Part of the problem with homelessness policy is that it spends so much time focusing on the homeless. There is, of course, a certain logic to this approach—after all, it’s in the name. But as my colleague Stephen Eide has argued, the term is something of a misnomer, collapsing a bundle of individual and social problems into a single issue, namely the lack of a house.
As a result, we often reduce the problems associated with homelessness to the question of how to get people a permanent home (in much the same way that we assume poor people’s problems stem from a lack of money). This is one way of explaining the “Housing First” theory of homelessness policy, which stipulates that people should be given permanent housing as soon as possible, regardless of their drug use, mental health, or other problems. HF advocates often look askance at more temporary or indirect solutions, which they see as getting in the way of getting people housed. (This is classic “root causes” thinking.)

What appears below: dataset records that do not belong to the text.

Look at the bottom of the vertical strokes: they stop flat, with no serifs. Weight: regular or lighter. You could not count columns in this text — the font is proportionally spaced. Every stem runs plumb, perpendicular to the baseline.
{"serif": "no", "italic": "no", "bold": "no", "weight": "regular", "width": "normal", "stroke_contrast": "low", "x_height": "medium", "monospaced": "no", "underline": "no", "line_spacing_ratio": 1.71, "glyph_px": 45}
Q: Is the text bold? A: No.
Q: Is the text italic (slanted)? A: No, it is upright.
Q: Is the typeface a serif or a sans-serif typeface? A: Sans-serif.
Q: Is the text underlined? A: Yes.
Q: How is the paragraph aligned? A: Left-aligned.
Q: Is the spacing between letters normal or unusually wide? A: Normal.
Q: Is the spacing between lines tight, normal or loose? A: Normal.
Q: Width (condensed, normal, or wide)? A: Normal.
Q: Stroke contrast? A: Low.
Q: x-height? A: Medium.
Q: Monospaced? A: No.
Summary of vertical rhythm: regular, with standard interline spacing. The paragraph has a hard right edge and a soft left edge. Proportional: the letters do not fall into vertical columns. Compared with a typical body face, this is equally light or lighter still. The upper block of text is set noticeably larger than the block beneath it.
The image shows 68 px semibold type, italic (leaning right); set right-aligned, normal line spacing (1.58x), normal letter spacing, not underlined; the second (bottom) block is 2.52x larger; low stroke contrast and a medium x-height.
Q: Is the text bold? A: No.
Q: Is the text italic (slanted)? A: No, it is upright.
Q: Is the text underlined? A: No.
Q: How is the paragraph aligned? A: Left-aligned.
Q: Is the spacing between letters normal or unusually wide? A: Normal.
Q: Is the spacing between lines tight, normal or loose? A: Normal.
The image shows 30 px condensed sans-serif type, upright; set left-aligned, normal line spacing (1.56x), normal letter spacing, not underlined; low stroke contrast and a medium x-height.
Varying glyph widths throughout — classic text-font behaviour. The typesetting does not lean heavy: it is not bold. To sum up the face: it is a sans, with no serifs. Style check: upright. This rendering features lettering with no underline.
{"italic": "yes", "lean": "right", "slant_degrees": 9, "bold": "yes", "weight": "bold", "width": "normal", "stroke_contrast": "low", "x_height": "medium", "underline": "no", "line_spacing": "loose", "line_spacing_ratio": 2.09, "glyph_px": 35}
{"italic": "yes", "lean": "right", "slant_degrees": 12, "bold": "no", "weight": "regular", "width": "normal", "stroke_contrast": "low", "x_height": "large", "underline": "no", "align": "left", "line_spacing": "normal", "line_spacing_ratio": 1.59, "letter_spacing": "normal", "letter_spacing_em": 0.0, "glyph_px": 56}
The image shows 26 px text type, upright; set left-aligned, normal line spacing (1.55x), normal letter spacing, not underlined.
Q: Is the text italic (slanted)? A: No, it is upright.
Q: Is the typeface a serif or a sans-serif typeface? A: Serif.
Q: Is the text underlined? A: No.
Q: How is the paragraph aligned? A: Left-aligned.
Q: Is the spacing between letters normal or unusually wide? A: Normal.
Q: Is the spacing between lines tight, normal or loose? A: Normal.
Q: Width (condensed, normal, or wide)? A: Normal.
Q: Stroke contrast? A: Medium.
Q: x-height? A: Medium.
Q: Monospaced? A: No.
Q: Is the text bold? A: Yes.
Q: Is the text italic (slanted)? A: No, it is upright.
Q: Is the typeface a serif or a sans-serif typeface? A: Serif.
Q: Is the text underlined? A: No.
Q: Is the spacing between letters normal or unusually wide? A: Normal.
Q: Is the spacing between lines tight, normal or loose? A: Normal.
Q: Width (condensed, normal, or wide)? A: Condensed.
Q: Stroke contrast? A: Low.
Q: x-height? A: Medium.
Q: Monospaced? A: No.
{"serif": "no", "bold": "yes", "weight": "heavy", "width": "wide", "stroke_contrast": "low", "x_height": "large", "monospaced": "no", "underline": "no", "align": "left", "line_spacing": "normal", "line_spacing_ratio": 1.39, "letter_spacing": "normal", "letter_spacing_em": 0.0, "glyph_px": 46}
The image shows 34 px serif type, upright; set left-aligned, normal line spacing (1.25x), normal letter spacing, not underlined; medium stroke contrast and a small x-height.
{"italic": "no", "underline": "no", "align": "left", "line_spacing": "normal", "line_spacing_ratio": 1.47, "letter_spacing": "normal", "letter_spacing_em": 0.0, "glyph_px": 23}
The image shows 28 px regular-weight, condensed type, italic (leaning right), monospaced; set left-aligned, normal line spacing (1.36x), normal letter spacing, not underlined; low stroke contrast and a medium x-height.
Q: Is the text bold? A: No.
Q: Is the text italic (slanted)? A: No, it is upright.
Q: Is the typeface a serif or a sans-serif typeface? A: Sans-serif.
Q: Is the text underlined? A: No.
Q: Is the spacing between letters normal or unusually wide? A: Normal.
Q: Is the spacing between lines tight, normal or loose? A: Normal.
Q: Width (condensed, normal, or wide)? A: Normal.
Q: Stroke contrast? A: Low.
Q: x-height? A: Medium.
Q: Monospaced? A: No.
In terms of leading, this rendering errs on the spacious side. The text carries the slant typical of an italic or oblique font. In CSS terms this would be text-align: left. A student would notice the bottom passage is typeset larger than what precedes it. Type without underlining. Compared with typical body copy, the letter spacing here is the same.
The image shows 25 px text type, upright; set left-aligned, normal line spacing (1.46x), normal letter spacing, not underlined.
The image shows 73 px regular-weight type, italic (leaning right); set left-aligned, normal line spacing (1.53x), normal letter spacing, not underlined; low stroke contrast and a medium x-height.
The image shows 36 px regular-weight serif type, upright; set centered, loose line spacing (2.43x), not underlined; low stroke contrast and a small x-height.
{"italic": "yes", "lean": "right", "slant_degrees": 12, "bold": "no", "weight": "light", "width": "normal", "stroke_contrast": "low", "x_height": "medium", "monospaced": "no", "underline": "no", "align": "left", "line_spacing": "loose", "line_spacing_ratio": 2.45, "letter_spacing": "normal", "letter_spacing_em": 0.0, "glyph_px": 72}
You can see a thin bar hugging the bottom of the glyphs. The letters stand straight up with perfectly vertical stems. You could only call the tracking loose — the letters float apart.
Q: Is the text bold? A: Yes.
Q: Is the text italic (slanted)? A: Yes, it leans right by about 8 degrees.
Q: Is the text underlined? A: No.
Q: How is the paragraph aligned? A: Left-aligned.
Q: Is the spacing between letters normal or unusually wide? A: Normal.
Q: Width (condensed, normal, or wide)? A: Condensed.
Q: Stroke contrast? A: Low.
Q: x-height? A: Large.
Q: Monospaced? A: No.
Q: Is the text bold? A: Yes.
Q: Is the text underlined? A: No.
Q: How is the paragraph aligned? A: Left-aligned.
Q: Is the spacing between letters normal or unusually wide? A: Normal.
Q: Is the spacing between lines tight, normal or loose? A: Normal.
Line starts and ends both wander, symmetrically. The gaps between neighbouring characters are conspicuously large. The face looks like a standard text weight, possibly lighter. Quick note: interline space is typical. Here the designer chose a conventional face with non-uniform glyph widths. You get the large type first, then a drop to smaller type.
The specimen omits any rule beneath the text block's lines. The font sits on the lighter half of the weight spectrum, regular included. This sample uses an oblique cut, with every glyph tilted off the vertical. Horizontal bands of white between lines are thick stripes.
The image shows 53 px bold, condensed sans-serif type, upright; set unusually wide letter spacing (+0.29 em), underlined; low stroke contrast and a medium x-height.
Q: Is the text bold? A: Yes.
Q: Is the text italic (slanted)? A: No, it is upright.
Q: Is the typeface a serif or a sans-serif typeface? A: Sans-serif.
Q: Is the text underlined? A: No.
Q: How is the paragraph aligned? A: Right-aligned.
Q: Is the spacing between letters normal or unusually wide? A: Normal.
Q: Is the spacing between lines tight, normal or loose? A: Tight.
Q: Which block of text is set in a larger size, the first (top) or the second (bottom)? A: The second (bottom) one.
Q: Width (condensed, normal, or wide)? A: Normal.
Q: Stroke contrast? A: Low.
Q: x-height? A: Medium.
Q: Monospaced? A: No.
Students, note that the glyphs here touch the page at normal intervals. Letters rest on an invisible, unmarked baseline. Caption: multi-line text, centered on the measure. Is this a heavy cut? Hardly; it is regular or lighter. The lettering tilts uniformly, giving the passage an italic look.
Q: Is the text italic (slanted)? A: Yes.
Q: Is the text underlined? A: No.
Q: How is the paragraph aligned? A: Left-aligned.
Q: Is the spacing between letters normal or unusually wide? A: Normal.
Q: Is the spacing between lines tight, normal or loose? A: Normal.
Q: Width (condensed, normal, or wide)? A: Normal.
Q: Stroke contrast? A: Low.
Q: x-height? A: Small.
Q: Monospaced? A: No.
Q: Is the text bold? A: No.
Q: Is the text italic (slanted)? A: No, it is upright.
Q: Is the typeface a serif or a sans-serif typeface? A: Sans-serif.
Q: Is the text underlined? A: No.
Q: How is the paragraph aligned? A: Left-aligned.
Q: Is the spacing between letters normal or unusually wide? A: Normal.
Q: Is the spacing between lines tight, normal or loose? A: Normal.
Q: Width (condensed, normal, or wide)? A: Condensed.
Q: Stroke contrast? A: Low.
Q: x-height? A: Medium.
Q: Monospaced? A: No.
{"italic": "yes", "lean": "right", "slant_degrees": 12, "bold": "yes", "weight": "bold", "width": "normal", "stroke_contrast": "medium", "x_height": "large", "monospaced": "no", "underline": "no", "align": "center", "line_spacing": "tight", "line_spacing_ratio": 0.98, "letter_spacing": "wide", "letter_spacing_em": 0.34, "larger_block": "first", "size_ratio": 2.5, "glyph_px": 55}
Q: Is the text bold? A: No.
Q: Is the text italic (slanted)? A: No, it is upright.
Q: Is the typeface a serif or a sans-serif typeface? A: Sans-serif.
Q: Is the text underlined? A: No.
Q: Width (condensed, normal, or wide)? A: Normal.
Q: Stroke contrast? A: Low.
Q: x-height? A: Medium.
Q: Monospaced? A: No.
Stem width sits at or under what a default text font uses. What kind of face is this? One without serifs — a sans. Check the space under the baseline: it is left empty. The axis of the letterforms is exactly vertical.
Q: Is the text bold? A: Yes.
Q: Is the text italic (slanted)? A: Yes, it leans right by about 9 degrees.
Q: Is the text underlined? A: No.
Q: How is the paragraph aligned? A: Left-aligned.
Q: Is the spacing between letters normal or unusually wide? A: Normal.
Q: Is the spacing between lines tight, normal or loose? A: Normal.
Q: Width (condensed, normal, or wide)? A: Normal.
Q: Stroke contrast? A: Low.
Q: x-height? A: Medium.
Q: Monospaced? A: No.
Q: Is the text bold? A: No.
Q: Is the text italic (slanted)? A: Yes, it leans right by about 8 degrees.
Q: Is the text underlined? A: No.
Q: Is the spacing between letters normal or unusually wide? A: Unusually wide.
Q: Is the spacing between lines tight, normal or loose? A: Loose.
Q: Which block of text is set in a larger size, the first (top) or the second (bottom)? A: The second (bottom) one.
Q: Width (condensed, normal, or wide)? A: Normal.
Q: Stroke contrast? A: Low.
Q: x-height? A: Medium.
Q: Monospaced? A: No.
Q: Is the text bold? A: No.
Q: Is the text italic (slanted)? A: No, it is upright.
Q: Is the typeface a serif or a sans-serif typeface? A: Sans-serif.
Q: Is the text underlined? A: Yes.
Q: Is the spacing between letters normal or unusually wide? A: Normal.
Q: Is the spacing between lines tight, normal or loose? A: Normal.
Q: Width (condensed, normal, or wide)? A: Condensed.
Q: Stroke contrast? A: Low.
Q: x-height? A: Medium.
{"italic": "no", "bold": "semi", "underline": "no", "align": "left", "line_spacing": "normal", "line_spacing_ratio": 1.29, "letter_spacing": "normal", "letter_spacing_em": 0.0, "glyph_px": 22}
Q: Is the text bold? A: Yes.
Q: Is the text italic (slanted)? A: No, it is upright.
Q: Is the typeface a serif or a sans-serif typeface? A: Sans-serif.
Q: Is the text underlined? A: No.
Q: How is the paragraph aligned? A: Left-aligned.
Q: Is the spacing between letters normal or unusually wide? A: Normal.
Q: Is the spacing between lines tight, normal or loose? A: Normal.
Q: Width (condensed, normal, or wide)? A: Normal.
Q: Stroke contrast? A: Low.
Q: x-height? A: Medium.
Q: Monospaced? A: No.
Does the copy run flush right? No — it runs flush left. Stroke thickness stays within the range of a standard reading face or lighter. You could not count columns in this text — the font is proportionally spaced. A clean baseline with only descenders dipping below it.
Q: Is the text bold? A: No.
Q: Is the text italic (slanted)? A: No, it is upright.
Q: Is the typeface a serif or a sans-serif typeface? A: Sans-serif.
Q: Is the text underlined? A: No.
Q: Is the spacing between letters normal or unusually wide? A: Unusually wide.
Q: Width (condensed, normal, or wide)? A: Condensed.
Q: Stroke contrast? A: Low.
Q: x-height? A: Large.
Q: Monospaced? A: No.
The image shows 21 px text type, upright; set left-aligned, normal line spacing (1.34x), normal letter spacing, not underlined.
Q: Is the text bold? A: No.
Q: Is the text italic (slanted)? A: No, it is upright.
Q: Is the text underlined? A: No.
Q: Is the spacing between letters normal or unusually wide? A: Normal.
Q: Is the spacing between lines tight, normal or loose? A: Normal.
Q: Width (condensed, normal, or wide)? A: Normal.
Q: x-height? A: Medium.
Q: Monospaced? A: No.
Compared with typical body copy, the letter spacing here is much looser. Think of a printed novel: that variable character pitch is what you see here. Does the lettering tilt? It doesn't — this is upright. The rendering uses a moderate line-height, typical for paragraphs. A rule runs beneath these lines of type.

Often absent from this debate is discussion of the social externalities of homelessness—public disorder, crime, all the topics I like to write about here. Sometimes these issues aren’t acknowledged, and those who insist on talking about them are tarred with various derogations. When they are acknowledged, the solution is often deemed to be getting people into permanent housing—i.e., making them not homeless—thus returning the discussion to the fundamental American problem of too little housing.
A new working paper from Stanford’s Derek Christopher, Mark Duggan, and Olivia Martin offers a rigorous intervention into this debate. It both demonstrates that unsheltered homelessness has real social costs, and challenges the idea that those costs are best, or only, remediable by getting people into permanent housing. It turns out that simply getting people into temporary shelter—often derided by the homelessness-industrial complex as a band-aid—significantly reduces both social and individual harms of unsheltered homelessness. Those harms, in other words, can be addressed without providing people with permanent housing—meaning that we don’t need to wait for the eternity that new housing requires in order to address them.
Christopher et al. focus on the effect of temporary shelter. Temporary shelter’s efficacy is, of course, often contrasted with that of permanent housing. As the authors note, “[p]roponents argue that [shelter] serves as a cost effective public good that mitigates the social costs of unsheltered homelessness, while critics assert that it diverts scarce resources from permanent housing solutions that more effectively reduce total homelessness.”
What are the social impacts of opening new shelters? To answer this question, the authors collected data from Los Angeles County’s homelessness system, crime data from the LAPD/LASD, and ER data from 2014 to 2019. They also use data on 170,000 unique individuals across 330,000 services check-ins to measure individual-level effects.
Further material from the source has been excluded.